# EXERCISE INPUT:
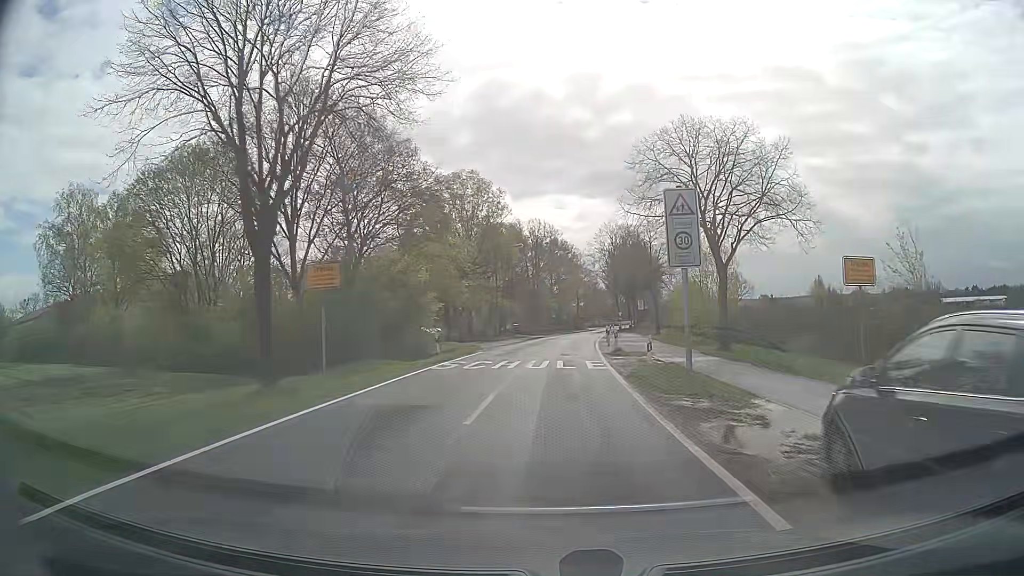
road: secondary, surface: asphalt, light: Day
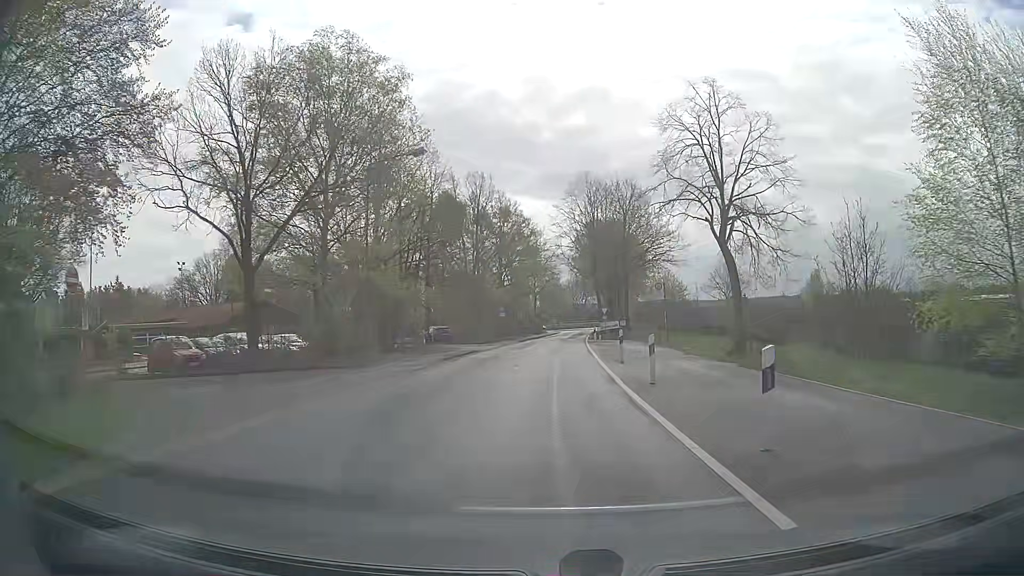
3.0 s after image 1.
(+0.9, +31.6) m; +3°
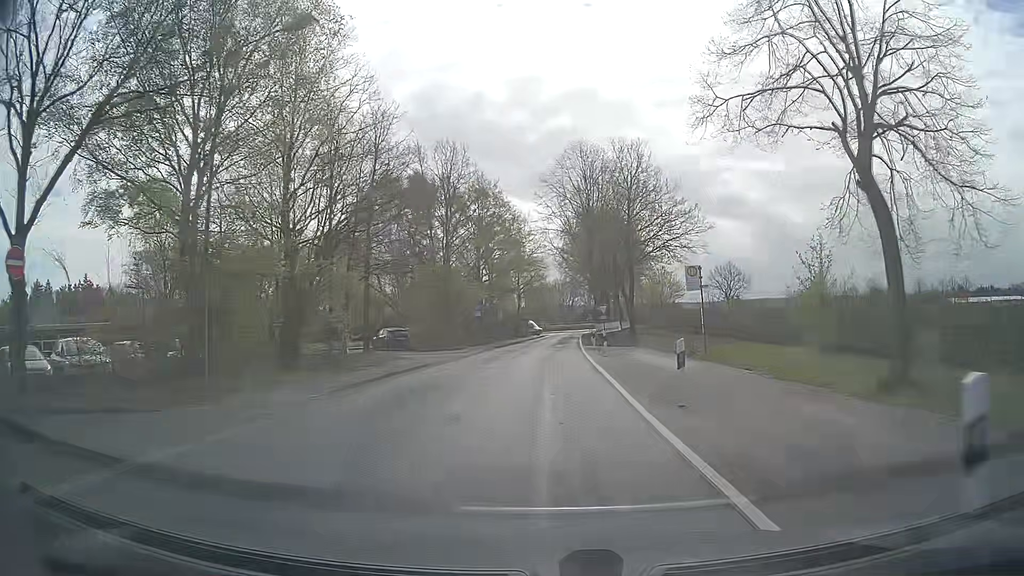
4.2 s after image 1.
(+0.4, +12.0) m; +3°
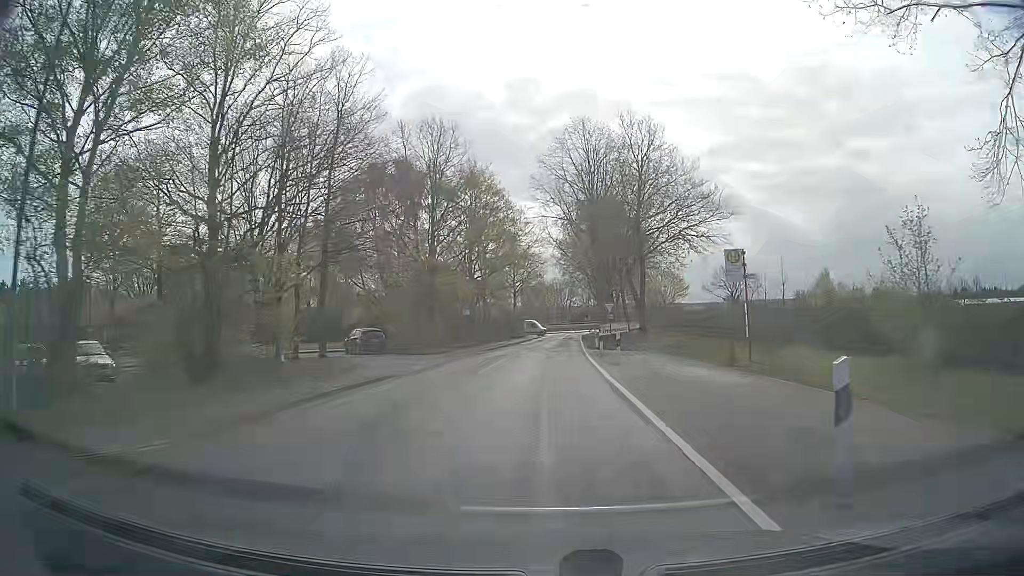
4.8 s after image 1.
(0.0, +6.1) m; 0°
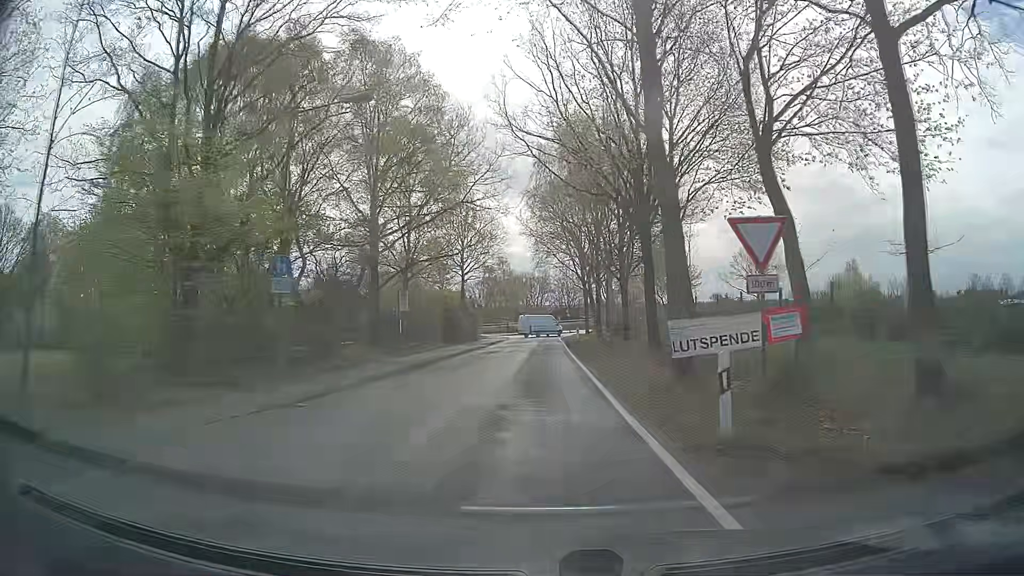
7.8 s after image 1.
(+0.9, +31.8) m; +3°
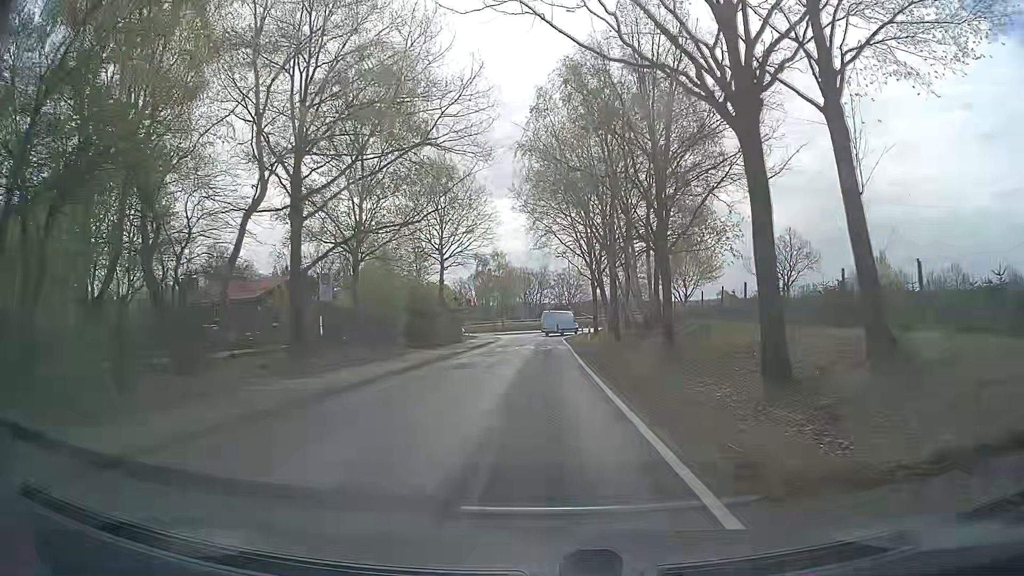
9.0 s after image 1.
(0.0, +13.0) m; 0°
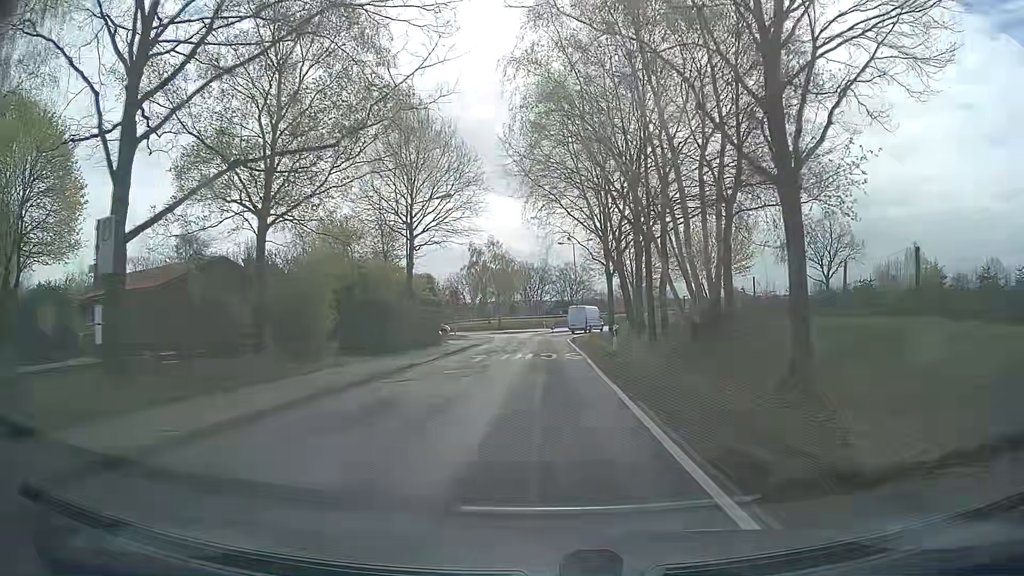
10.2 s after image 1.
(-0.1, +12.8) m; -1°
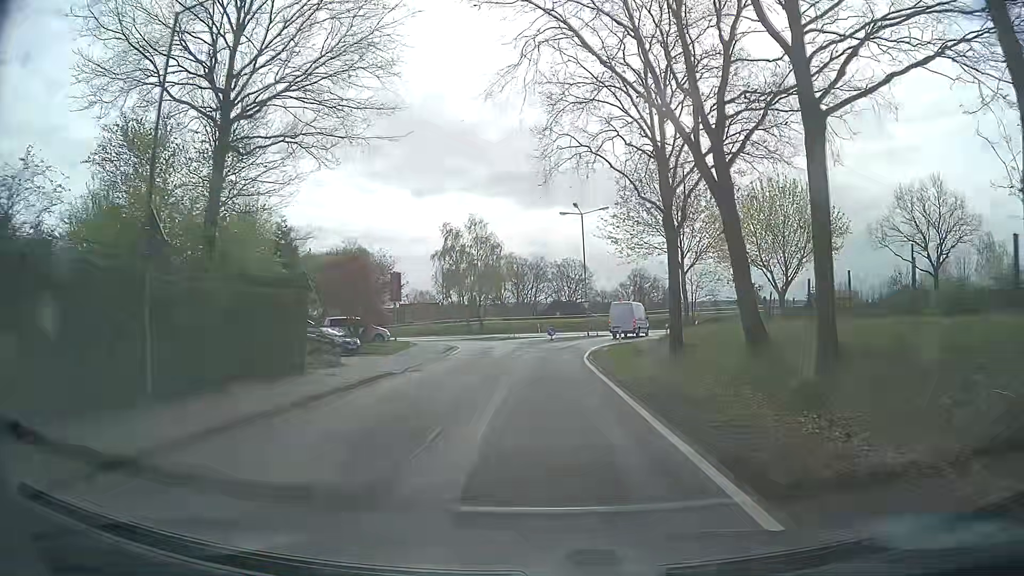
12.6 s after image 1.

# ASSIGNMENT:
Word for word, restate all of the data, but do not copy the pictures.

# RESULT FOR THIS TASK:
road: secondary, surface: asphalt, light: Day
3.0 s after image 1.
(+0.9, +31.6) m; +3°
4.2 s after image 1.
(+0.4, +12.0) m; +3°
4.8 s after image 1.
(0.0, +6.1) m; 0°
7.8 s after image 1.
(+0.9, +31.8) m; +3°
9.0 s after image 1.
(0.0, +13.0) m; 0°
10.2 s after image 1.
(-0.1, +12.8) m; -1°
12.6 s after image 1.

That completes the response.